*Work instructions*: Extract every line below that contains the word "fill".

━━━━━ Data section

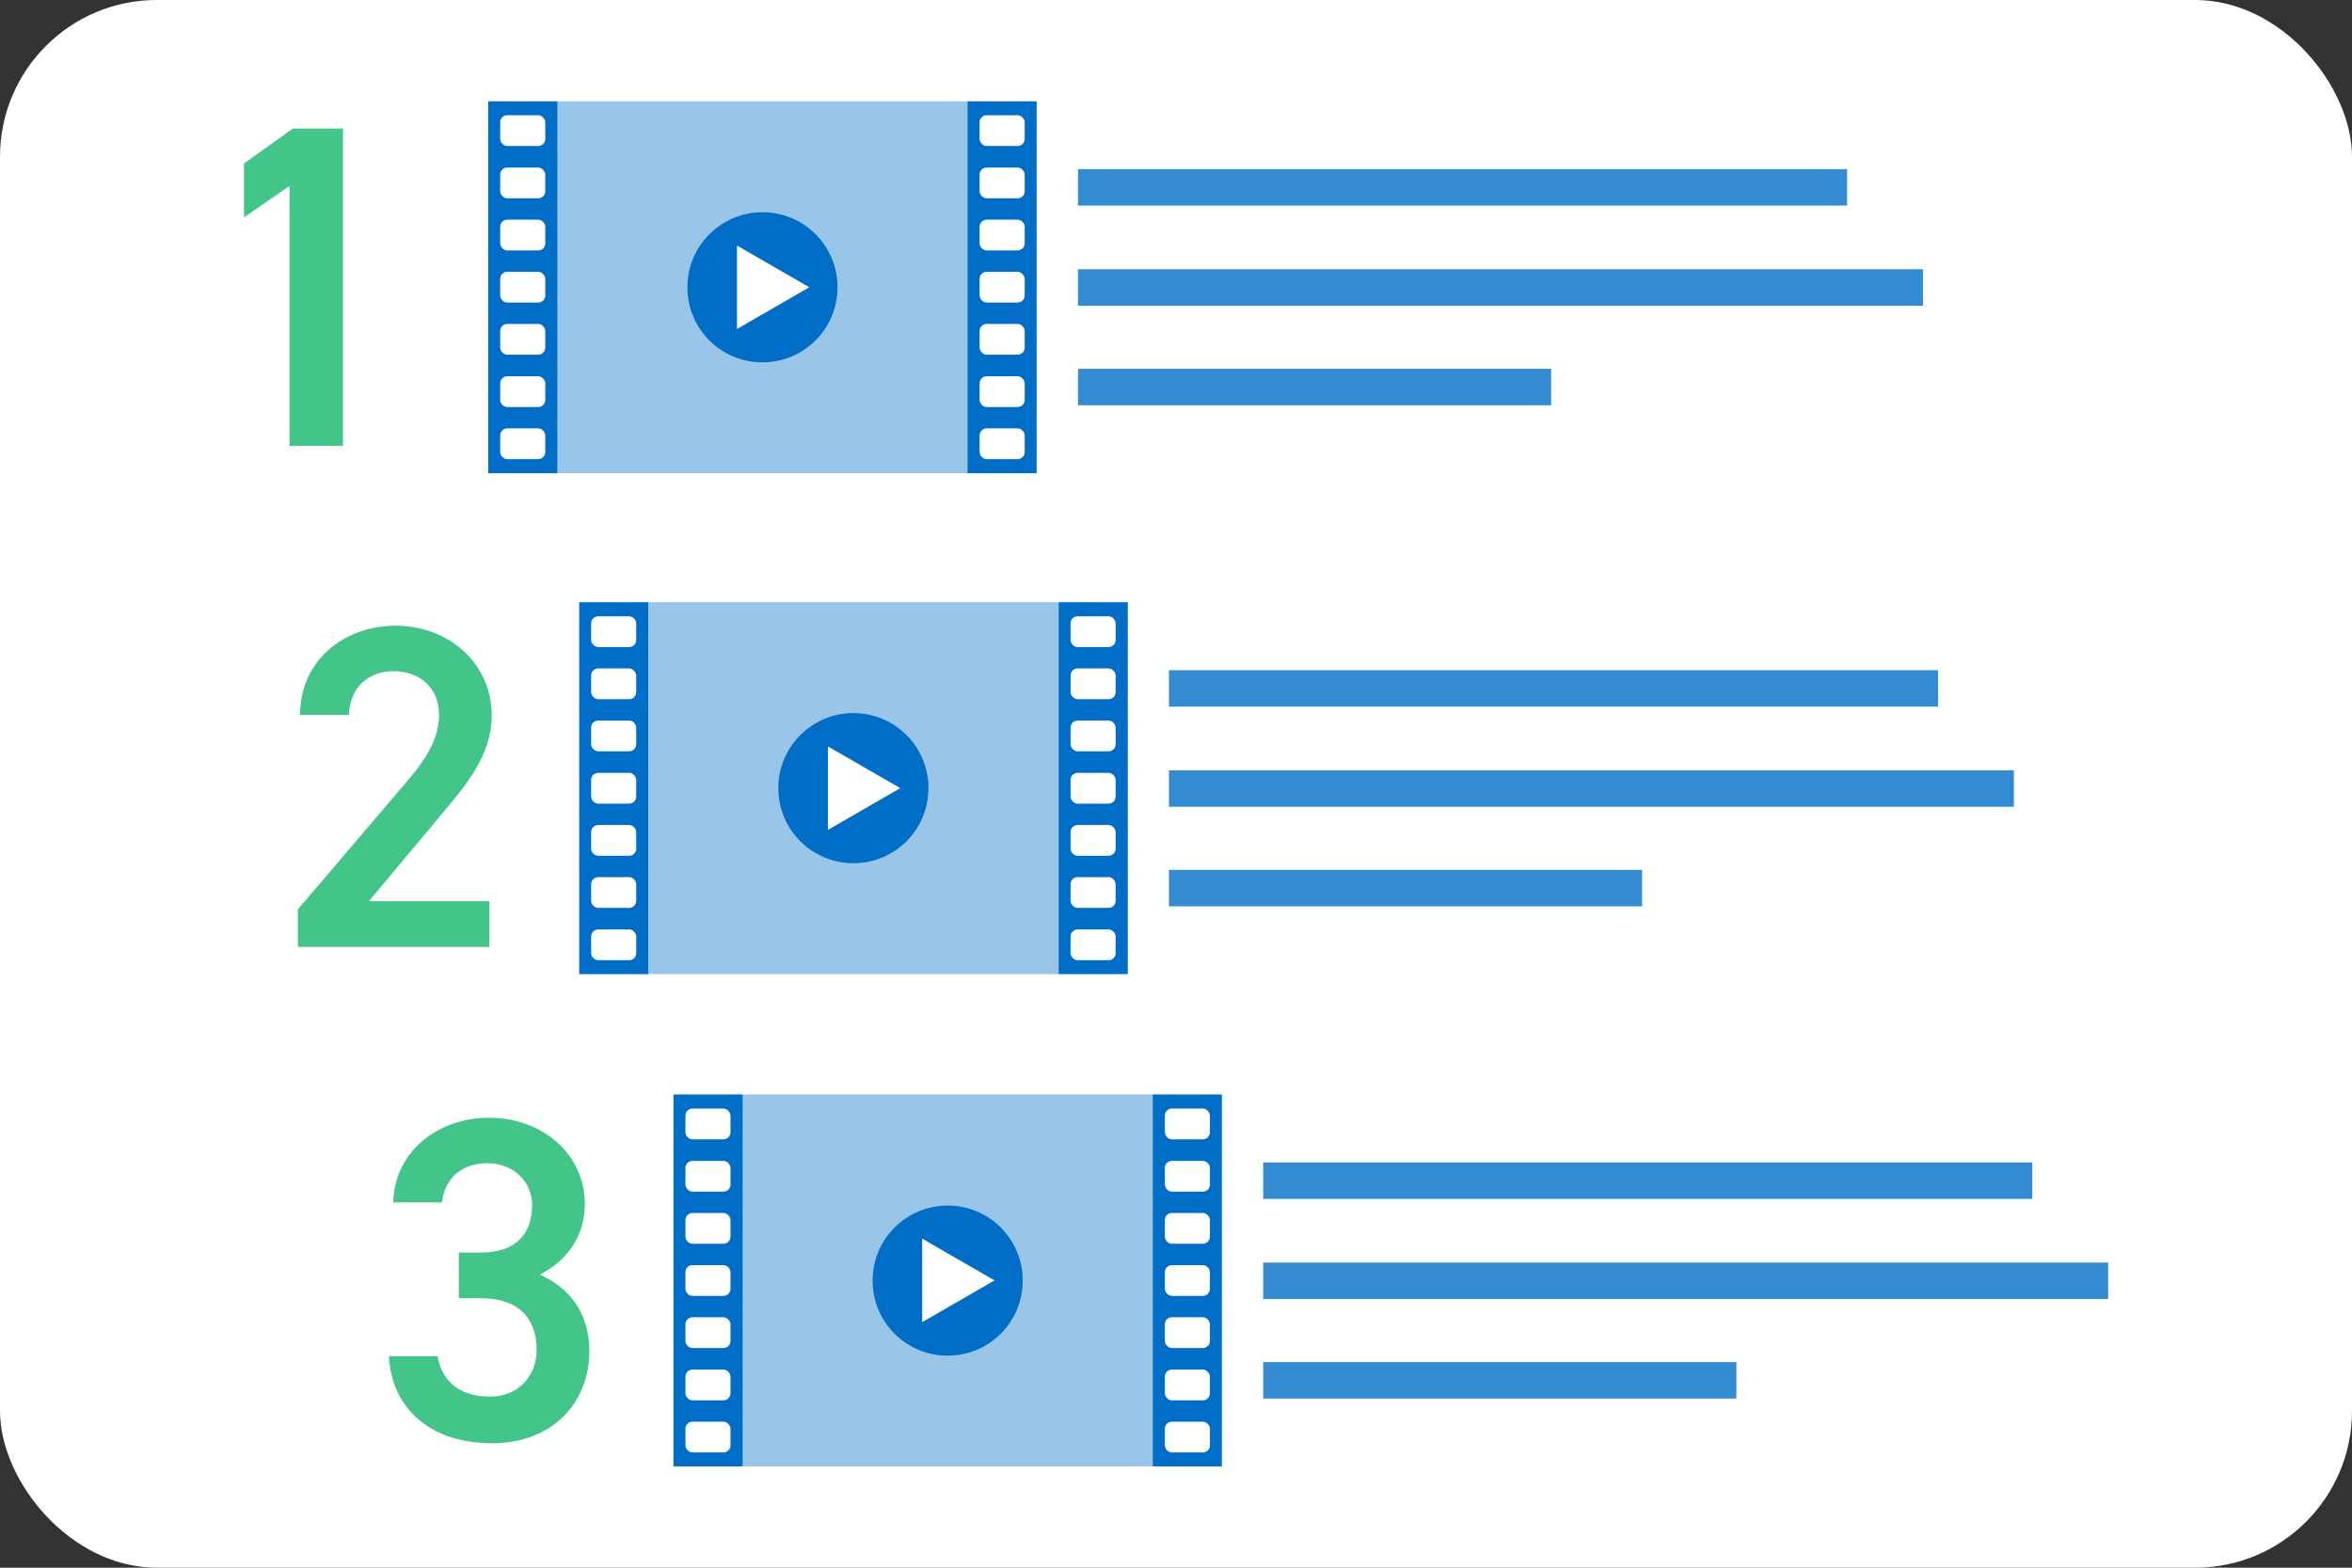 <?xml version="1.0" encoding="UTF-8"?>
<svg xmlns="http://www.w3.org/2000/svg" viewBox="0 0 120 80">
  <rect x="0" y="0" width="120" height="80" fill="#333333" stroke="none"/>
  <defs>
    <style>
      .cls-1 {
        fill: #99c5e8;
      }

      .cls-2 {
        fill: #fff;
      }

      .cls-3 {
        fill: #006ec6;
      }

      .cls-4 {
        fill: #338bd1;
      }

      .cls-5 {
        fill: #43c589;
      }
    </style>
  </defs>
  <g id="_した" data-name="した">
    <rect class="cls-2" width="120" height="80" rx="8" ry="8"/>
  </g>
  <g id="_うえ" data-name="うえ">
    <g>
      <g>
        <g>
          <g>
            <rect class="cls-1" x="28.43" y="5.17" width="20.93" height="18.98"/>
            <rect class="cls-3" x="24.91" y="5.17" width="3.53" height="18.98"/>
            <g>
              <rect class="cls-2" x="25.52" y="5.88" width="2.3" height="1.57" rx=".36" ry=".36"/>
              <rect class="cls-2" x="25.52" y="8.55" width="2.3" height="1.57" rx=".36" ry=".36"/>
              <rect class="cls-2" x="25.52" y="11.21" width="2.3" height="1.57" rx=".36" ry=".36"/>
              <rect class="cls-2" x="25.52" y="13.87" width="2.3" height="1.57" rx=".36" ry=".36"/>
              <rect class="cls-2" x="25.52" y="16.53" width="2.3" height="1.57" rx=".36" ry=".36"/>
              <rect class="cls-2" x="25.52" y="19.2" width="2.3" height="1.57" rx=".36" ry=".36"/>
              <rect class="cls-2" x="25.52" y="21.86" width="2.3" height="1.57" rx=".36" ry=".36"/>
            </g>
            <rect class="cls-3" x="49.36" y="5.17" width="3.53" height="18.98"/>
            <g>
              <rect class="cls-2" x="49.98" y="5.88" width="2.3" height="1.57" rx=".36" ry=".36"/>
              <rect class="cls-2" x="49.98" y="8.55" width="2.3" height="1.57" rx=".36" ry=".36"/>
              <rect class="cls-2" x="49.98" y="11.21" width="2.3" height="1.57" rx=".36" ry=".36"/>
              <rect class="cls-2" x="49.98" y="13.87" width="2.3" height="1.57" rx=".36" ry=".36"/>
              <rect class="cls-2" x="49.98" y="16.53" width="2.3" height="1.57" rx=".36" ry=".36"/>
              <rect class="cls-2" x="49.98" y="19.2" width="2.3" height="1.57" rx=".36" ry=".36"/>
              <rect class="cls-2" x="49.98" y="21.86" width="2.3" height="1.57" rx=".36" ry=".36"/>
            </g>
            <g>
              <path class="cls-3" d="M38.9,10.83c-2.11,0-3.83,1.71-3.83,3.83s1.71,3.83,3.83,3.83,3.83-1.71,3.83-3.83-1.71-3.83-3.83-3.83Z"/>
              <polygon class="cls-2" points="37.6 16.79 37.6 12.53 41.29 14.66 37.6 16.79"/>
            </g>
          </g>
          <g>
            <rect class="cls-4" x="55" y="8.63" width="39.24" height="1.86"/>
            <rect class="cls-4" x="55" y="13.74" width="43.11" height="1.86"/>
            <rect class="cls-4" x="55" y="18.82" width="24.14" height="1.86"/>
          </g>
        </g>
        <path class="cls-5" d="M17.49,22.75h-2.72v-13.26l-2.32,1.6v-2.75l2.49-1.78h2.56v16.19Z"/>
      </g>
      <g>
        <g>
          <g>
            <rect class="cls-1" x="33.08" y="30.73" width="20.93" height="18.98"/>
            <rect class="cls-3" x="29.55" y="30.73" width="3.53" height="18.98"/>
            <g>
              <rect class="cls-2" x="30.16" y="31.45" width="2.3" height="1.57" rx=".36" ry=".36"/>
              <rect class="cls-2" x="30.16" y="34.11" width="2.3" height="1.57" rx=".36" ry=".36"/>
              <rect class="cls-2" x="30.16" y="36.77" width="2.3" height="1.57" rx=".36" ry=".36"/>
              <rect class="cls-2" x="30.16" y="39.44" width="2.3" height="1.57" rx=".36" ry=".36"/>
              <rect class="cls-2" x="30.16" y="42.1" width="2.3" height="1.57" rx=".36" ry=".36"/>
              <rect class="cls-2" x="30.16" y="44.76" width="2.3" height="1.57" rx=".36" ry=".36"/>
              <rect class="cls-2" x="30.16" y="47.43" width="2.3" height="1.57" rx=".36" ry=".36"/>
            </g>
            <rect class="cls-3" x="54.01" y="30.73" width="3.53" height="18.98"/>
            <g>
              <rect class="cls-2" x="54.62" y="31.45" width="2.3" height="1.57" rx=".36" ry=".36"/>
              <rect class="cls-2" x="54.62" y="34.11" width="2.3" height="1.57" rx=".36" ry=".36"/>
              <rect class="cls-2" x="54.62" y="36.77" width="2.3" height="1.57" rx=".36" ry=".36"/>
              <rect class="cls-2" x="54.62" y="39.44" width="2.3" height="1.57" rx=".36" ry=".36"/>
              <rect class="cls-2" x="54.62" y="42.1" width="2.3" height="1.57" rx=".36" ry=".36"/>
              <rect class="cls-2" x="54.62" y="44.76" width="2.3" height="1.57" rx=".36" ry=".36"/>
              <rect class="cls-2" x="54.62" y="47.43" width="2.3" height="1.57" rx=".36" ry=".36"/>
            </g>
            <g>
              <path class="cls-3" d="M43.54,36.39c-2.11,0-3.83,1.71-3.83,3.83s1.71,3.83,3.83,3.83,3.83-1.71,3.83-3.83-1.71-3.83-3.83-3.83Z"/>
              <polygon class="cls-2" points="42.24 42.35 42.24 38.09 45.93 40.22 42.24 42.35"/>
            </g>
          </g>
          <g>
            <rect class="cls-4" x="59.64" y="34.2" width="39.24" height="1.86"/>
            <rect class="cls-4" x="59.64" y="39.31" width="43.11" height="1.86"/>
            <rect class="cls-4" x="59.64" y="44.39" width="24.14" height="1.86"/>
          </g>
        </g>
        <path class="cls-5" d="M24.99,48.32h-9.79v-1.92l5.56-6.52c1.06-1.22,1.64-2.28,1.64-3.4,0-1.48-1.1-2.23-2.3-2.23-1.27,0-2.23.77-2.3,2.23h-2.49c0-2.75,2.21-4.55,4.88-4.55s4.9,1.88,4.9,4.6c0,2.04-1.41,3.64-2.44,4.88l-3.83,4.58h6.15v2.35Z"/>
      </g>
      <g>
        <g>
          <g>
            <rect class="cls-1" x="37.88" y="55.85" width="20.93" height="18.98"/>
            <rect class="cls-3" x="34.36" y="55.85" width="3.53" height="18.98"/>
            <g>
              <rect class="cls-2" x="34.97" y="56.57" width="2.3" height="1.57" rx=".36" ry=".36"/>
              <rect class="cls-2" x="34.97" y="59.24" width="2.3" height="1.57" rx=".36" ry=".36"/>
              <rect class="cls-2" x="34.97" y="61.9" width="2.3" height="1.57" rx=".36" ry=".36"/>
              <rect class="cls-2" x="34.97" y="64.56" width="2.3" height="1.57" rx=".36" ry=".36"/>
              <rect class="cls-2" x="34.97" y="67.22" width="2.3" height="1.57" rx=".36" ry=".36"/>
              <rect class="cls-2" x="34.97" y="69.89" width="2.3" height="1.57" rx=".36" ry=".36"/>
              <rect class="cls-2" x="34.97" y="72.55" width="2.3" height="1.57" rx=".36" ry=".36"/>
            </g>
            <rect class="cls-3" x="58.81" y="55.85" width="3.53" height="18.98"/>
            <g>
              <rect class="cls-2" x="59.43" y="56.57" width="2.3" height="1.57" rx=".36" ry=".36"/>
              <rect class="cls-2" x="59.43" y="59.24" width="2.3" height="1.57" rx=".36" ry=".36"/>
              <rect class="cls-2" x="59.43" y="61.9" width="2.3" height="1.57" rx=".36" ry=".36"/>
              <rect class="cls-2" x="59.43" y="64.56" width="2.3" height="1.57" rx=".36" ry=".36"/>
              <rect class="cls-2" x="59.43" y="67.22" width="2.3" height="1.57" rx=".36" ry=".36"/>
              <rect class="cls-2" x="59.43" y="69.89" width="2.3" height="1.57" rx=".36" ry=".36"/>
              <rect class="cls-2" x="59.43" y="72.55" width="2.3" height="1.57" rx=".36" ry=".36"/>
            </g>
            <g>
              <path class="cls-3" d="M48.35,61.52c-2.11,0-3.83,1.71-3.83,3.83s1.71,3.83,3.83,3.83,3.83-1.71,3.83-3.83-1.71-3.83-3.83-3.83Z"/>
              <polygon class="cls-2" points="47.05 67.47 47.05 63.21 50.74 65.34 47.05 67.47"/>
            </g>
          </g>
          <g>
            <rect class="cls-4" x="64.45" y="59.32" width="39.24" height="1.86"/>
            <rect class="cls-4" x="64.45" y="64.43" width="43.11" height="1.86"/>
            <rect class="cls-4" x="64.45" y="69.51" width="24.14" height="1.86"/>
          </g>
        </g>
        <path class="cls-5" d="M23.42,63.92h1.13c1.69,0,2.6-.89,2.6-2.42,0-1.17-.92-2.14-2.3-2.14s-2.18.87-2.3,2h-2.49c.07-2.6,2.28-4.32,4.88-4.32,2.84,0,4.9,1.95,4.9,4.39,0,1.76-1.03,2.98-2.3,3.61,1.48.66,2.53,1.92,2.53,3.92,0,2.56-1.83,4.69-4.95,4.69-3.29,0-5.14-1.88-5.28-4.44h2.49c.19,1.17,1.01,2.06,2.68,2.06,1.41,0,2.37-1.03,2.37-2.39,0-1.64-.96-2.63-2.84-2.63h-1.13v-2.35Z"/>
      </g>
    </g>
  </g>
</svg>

━━━━━━━━━━

*Exercise solution*:
  <rect x="0" y="0" width="120" height="80" fill="#333333" stroke="none"/>
        fill: #99c5e8;
        fill: #fff;
        fill: #006ec6;
        fill: #338bd1;
        fill: #43c589;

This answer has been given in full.